Segment Start: Provided information

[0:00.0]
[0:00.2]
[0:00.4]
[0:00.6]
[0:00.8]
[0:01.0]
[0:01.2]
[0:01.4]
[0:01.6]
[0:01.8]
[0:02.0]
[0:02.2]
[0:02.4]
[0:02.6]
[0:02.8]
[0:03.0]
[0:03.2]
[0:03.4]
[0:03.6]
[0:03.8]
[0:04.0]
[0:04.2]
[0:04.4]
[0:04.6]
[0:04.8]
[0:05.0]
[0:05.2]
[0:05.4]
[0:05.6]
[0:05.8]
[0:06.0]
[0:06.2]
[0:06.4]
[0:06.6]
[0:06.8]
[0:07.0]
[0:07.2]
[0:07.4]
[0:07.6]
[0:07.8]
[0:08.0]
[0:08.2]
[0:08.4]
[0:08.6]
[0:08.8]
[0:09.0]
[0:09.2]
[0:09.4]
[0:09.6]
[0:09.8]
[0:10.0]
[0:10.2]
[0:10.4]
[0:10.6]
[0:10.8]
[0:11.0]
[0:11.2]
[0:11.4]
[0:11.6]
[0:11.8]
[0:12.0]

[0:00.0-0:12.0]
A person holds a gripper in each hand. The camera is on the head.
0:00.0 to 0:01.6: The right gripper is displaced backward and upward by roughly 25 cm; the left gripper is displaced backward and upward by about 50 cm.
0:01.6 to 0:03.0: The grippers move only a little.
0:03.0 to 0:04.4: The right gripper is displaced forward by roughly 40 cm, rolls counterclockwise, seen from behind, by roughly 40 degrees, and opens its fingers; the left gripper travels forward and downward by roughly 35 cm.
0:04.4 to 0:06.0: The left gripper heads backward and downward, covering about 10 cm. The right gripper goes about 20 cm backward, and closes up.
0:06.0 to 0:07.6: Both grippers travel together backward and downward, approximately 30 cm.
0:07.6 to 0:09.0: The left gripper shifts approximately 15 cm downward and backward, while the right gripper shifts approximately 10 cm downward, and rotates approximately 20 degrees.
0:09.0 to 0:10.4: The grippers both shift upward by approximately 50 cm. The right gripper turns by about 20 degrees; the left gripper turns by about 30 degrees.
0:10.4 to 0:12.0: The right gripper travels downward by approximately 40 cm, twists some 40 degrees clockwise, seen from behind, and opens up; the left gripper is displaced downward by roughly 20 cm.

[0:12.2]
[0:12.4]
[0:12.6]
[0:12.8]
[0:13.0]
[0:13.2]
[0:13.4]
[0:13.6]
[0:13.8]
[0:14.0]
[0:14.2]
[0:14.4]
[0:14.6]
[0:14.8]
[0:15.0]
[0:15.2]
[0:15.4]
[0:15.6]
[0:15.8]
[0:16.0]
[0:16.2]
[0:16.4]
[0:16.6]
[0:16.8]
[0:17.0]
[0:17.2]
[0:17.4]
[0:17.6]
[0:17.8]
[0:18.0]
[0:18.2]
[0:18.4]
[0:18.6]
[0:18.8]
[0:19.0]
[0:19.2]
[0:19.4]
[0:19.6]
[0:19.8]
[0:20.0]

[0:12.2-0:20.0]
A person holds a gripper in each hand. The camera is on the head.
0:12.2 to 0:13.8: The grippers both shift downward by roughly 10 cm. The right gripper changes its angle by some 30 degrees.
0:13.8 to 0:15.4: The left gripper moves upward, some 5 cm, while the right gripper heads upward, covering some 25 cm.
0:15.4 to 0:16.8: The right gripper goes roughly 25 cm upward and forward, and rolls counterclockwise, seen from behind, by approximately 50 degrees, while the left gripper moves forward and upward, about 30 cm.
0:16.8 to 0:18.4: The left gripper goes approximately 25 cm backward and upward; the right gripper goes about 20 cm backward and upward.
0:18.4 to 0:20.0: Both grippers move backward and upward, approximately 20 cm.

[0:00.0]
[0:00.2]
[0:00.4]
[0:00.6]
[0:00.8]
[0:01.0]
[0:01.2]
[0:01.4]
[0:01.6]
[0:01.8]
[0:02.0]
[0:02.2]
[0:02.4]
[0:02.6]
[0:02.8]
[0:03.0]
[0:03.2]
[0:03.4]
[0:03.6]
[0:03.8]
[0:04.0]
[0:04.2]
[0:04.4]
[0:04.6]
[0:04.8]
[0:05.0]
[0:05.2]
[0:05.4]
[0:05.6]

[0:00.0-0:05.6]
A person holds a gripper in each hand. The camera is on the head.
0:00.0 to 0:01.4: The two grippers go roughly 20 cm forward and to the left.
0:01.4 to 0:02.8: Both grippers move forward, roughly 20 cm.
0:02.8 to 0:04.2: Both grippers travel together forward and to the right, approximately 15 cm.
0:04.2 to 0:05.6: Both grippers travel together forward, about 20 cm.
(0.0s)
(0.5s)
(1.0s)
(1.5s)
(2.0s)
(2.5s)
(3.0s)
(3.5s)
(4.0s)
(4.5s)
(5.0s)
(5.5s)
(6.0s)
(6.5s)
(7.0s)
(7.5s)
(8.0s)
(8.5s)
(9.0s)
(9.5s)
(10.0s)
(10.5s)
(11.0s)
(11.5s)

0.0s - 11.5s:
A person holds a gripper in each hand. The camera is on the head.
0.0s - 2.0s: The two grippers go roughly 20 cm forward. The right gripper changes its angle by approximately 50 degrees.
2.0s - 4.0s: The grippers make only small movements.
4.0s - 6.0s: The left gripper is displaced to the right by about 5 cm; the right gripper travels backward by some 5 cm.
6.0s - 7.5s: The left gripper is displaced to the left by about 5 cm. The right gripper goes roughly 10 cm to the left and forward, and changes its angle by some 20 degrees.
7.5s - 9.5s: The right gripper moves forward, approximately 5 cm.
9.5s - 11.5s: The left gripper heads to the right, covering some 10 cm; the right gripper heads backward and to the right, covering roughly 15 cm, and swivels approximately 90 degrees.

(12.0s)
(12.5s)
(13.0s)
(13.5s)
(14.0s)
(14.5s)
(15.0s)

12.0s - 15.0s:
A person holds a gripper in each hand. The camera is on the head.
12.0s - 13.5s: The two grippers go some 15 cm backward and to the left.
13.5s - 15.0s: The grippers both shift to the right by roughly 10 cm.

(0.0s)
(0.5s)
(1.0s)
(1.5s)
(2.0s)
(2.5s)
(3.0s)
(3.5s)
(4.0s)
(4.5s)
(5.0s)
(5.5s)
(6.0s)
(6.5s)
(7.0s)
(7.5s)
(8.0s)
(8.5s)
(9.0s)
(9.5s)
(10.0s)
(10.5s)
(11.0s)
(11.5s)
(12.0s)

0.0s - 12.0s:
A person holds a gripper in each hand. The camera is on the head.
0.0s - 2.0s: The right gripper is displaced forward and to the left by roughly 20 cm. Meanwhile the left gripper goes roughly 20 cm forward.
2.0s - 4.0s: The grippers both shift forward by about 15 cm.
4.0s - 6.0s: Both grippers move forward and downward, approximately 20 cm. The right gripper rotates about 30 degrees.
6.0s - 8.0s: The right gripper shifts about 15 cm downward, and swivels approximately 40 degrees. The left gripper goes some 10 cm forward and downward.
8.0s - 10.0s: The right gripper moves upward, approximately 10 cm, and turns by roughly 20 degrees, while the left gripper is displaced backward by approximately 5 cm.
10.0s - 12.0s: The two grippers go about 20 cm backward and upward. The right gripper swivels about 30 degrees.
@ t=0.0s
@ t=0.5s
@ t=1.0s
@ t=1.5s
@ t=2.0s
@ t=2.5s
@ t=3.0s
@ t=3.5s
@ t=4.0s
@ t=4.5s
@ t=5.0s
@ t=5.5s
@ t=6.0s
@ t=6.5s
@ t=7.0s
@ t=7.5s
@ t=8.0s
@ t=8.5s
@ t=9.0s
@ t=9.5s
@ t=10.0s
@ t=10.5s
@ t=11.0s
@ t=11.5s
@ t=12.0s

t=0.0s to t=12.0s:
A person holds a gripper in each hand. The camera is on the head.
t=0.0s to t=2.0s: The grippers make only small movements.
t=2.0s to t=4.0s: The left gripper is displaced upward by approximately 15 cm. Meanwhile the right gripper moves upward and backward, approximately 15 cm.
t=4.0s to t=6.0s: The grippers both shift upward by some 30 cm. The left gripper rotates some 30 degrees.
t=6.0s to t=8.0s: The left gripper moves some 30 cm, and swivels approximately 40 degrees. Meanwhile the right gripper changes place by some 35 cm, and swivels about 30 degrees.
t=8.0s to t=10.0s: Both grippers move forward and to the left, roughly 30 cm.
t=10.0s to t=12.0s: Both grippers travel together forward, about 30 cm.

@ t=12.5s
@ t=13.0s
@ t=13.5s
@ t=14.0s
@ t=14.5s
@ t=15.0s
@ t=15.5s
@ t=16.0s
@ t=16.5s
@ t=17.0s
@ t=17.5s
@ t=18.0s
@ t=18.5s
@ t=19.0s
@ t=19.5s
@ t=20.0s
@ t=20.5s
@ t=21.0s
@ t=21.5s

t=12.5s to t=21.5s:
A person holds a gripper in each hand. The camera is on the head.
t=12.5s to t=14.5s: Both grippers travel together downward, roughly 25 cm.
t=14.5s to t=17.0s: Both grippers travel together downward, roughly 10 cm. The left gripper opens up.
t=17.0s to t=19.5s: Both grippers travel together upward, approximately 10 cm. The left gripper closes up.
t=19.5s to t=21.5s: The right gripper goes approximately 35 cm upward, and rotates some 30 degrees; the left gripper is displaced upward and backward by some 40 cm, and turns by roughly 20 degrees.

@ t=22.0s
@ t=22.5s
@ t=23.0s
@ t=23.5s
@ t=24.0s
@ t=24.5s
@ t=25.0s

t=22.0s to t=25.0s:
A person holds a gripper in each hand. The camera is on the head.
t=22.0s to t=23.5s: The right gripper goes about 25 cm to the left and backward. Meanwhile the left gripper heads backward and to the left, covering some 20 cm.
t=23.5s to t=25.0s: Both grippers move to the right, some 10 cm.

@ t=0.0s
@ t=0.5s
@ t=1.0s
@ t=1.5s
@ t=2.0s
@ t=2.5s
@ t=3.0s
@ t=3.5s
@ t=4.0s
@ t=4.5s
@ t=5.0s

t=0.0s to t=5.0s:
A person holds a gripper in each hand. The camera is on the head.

Segment End: Provided information

# [Task directions]
The first line of the data, the line with "[0:00.0-0:12.0]", and all lines in between are to be copied exactly. Leave out everything else.

# [Result of this exercise]
[0:00.0]
[0:00.2]
[0:00.4]
[0:00.6]
[0:00.8]
[0:01.0]
[0:01.2]
[0:01.4]
[0:01.6]
[0:01.8]
[0:02.0]
[0:02.2]
[0:02.4]
[0:02.6]
[0:02.8]
[0:03.0]
[0:03.2]
[0:03.4]
[0:03.6]
[0:03.8]
[0:04.0]
[0:04.2]
[0:04.4]
[0:04.6]
[0:04.8]
[0:05.0]
[0:05.2]
[0:05.4]
[0:05.6]
[0:05.8]
[0:06.0]
[0:06.2]
[0:06.4]
[0:06.6]
[0:06.8]
[0:07.0]
[0:07.2]
[0:07.4]
[0:07.6]
[0:07.8]
[0:08.0]
[0:08.2]
[0:08.4]
[0:08.6]
[0:08.8]
[0:09.0]
[0:09.2]
[0:09.4]
[0:09.6]
[0:09.8]
[0:10.0]
[0:10.2]
[0:10.4]
[0:10.6]
[0:10.8]
[0:11.0]
[0:11.2]
[0:11.4]
[0:11.6]
[0:11.8]
[0:12.0]

[0:00.0-0:12.0]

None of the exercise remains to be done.